Other long term concerns have to do with privacy, government surveillance, a fundamental lack of understanding by politicians and non-technical people of encryption and its necessity in the modern world, and the increasing prevalence of hacking by foreign state actors and individuals. I'm not sure how this new administration will approach these issues, as they have been notoriously vague about everything. This is usually a bad sign, as when you start to see vagueness and ambiguity within a startup or company, it usually means the leadership has no idea what they are doing. This new administration will be in over its head from day one, but hopefully there will be some outreach from the leaders within the tech industry to help guide the ship from a tech perspective. As it becomes more apparent how this new administration will approach these issues, I will publish new articles covering how the tech industry can and will respond. Overall, I don't see too many areas for serious contention, but then again, we are in uncharted waters at this point.

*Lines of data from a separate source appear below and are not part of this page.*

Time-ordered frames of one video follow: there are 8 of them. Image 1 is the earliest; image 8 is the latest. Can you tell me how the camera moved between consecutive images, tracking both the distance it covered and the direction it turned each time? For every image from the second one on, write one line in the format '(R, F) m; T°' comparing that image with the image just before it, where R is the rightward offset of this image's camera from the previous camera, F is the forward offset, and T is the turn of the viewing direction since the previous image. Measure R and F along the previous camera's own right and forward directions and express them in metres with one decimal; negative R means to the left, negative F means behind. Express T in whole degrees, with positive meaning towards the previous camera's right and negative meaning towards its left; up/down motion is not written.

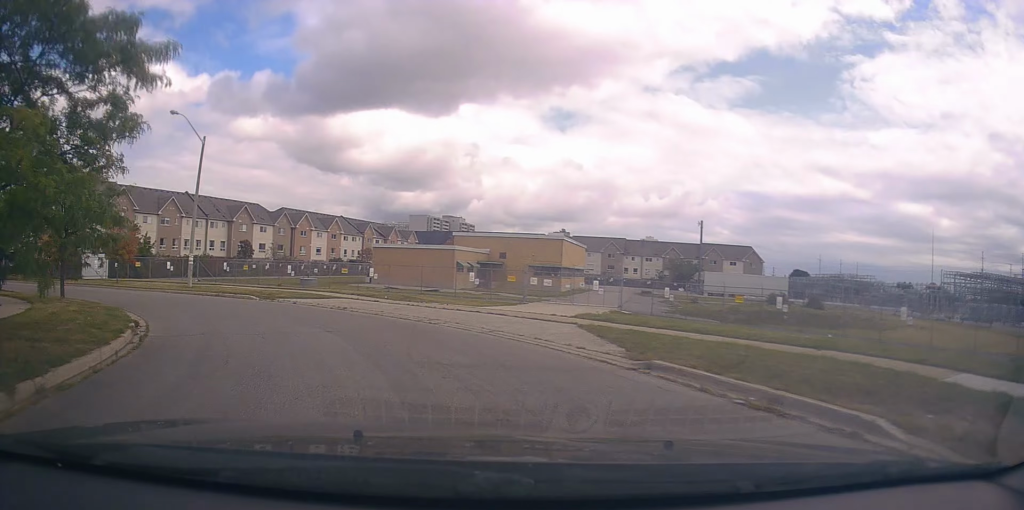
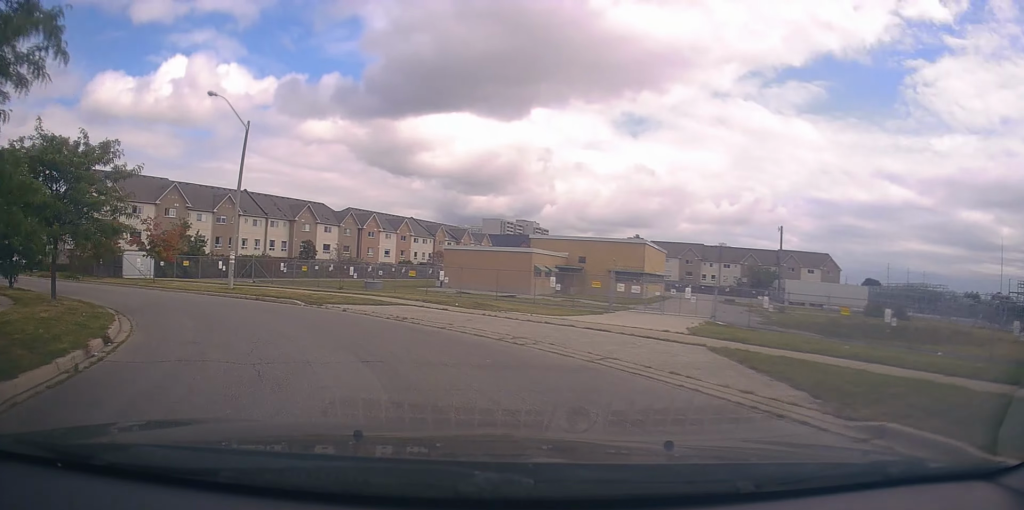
(0.0, +4.1) m; -8°
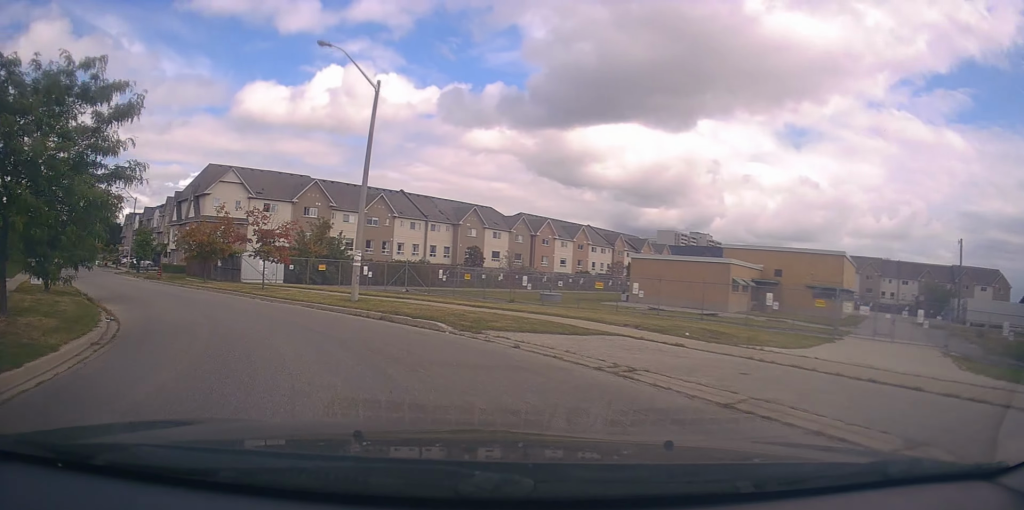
(-1.5, +8.1) m; -19°
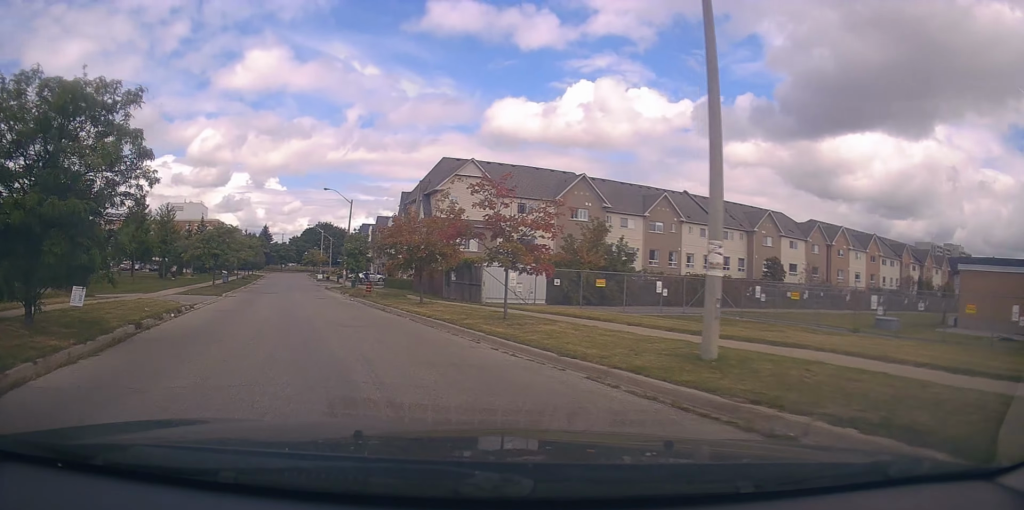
(-2.7, +12.5) m; -21°
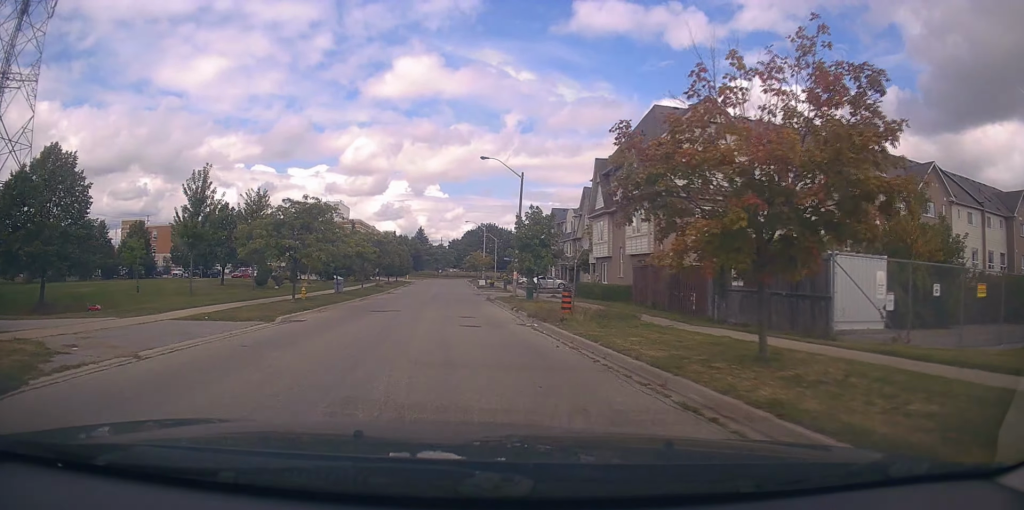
(-3.9, +17.0) m; -20°
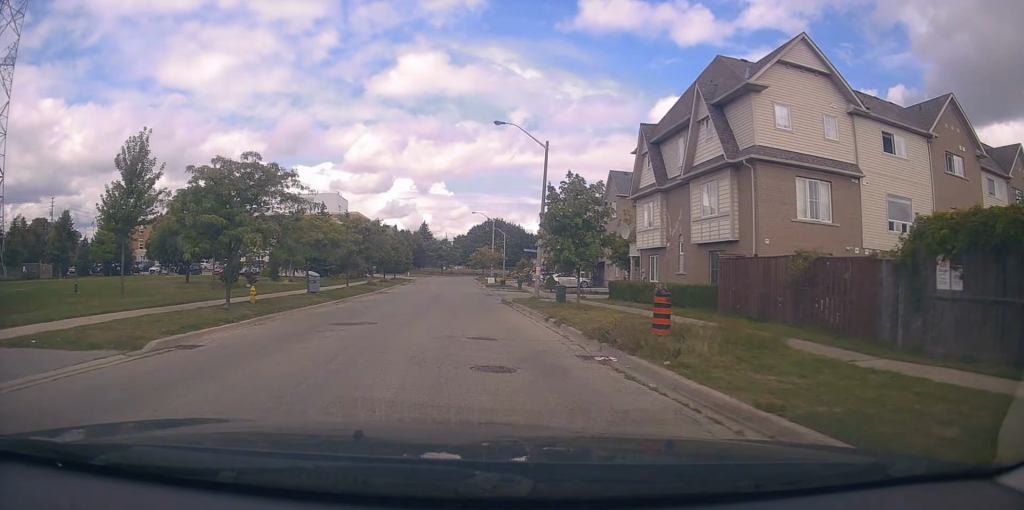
(-0.2, +8.6) m; -1°
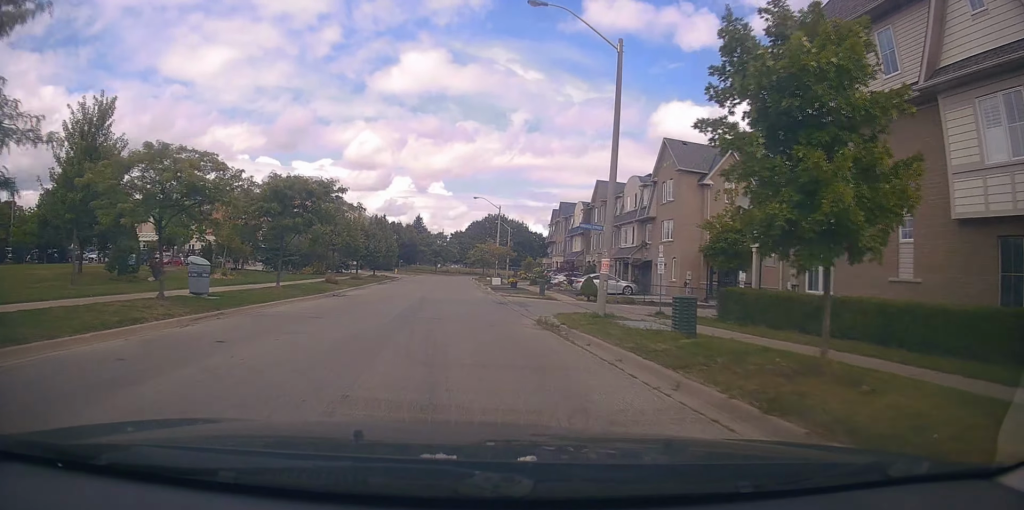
(+0.1, +15.0) m; -2°
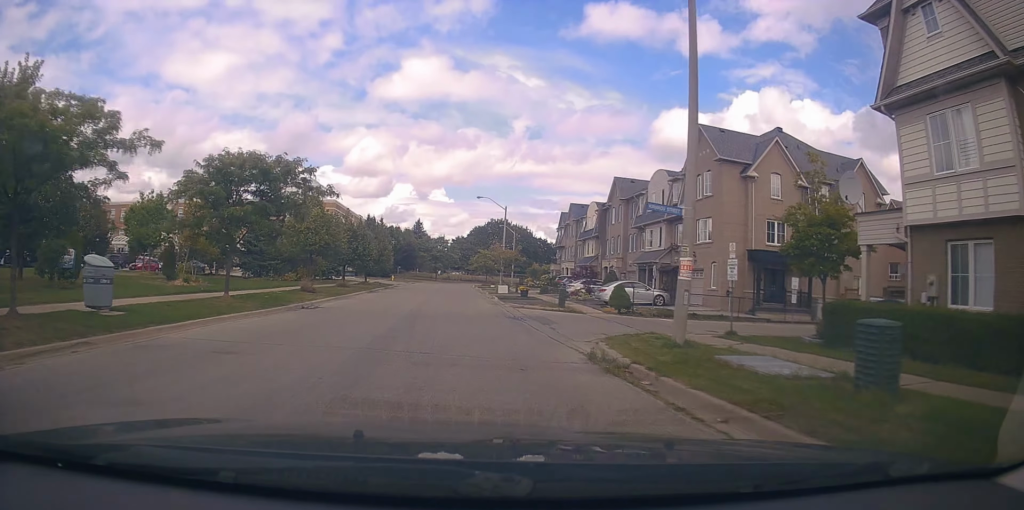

In the end, I think Mark Zuckerberg phrased the sentiment in the most positive light, speaking of how he watched the election with his daughter Max.

Holding Max, I thought about all the work ahead of us to create the world we want for our children. This work is bigger than any presidency and progress does not move in a straight line. The most important opportunities of Max's generation - like curing all disease, improving education, connecting everyone and promoting equal opportunity - will take long term focus and finding new ways for all of us to work together, sometimes over decades. 
We are all blessed to have the ability to make the world better, and we have the responsibility to do it. Let's go work even harder. - feeling hopeful.